■ Work task ■
The expected output is the full set of entries, retyped verbatim, pictures excluded.

■ Information ■
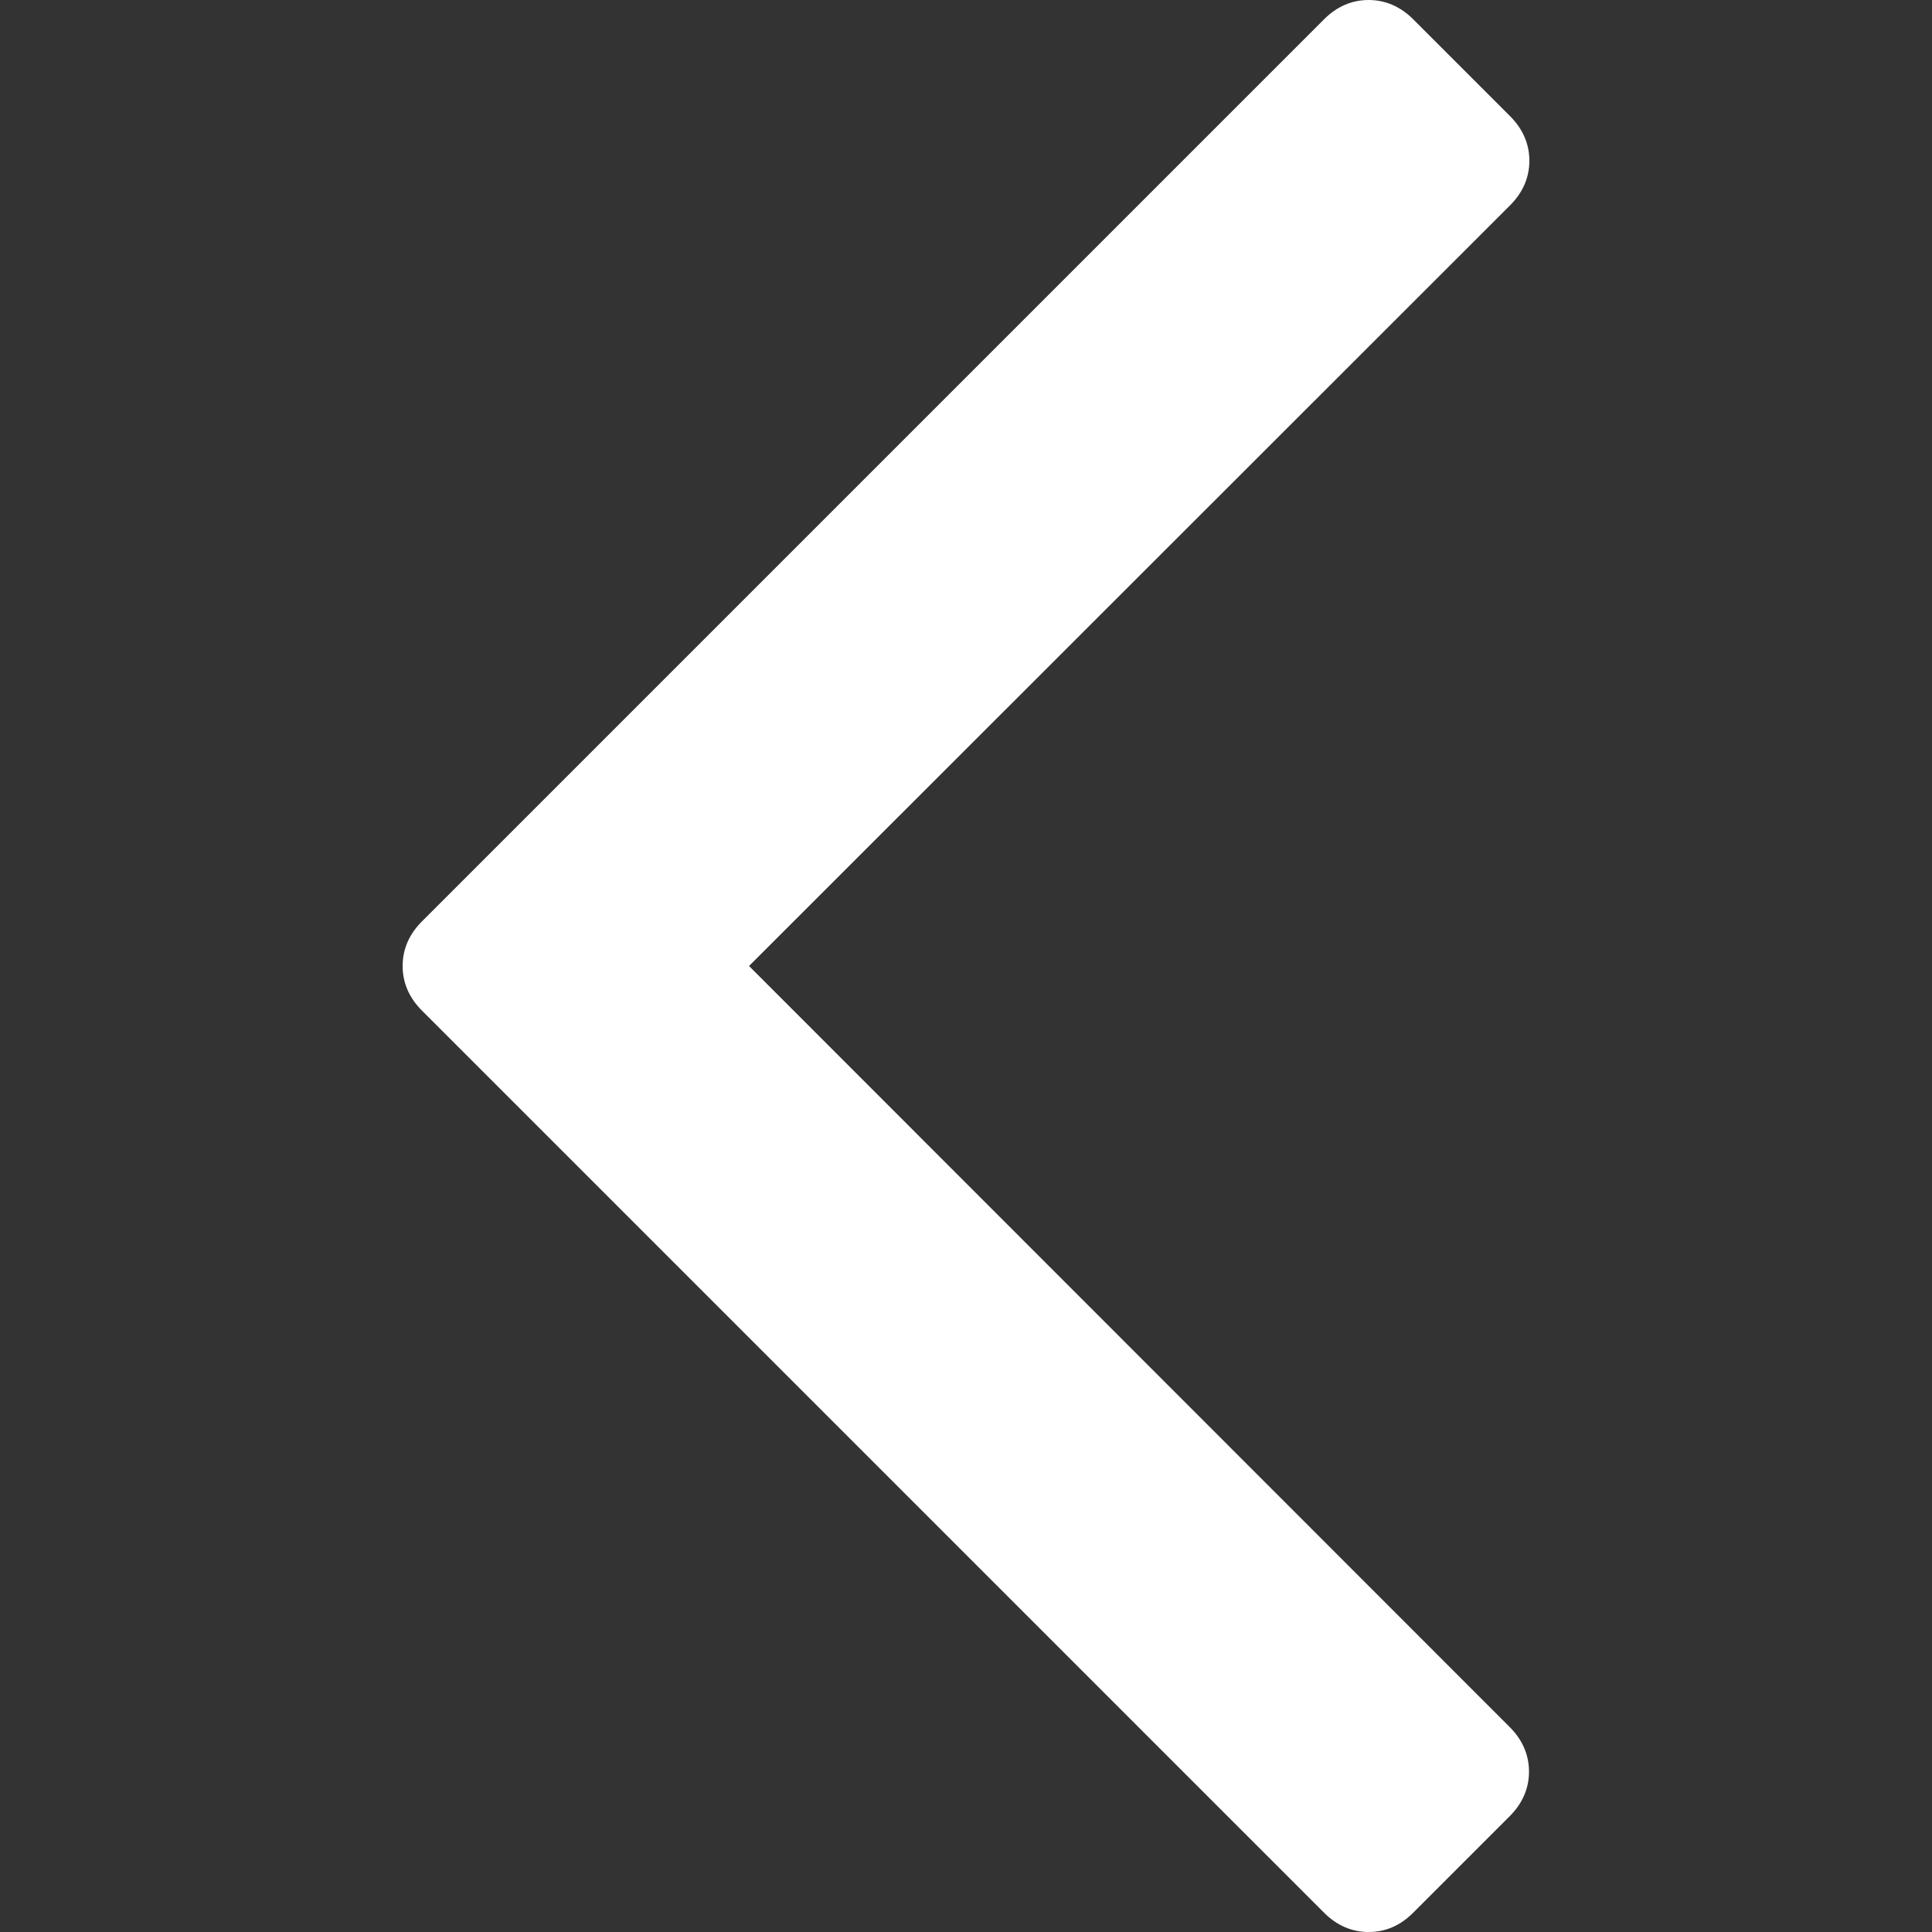 <?xml version="1.0" encoding="utf-8"?>
<!-- Generator: Adobe Illustrator 21.0.2, SVG Export Plug-In . SVG Version: 6.00 Build 0)  -->
<svg version="1.1" id="Capa_1" xmlns="http://www.w3.org/2000/svg" xmlns:xlink="http://www.w3.org/1999/xlink" x="0px" y="0px"
	 viewBox="0 0 512 512" style="enable-background:new 0 0 512 512;" xml:space="preserve">
<rect x="0" y="0" width="512" height="512" fill="#333333" stroke="none"/>
<style type="text/css">
	.st0{fill:#FFFFFF;}
</style>
<g>
	<path class="st0" d="M374.5,506.9l25.6-25.6c3.4-3.4,5.1-7.4,5.1-11.8c0-4.4-1.7-8.4-5.1-11.8L198.5,256L400.2,54.4
		c3.4-3.4,5.1-7.4,5.1-11.8c0-4.4-1.7-8.4-5.1-11.8L374.5,5.1c-3.4-3.4-7.4-5.1-11.8-5.1c-4.4,0-8.4,1.7-11.8,5.1L111.8,244.2
		c-3.4,3.4-5.1,7.4-5.1,11.8s1.7,8.4,5.1,11.8l239.1,239.1c3.4,3.4,7.4,5.1,11.8,5.1C367.2,512,371.1,510.3,374.5,506.9z"/>
</g>
</svg>

■ Output for this exercise ■
 <?xml version="1.0" encoding="utf-8"?>
<!-- Generator: Adobe Illustrator 21.0.2, SVG Export Plug-In . SVG Version: 6.00 Build 0)  -->
<svg version="1.1" id="Capa_1" xmlns="http://www.w3.org/2000/svg" xmlns:xlink="http://www.w3.org/1999/xlink" x="0px" y="0px"
	 viewBox="0 0 512 512" style="enable-background:new 0 0 512 512;" xml:space="preserve">
<rect x="0" y="0" width="512" height="512" fill="#333333" stroke="none"/>
<style type="text/css">
	.st0{fill:#FFFFFF;}
</style>
<g>
	<path class="st0" d="M374.5,506.9l25.6-25.6c3.4-3.4,5.1-7.4,5.1-11.8c0-4.4-1.7-8.4-5.1-11.8L198.5,256L400.2,54.4
		c3.4-3.4,5.1-7.4,5.1-11.8c0-4.4-1.7-8.4-5.1-11.8L374.5,5.1c-3.4-3.4-7.4-5.1-11.8-5.1c-4.4,0-8.4,1.7-11.8,5.1L111.8,244.2
		c-3.4,3.4-5.1,7.4-5.1,11.8s1.7,8.4,5.1,11.8l239.1,239.1c3.4,3.4,7.4,5.1,11.8,5.1C367.2,512,371.1,510.3,374.5,506.9z"/>
</g>
</svg>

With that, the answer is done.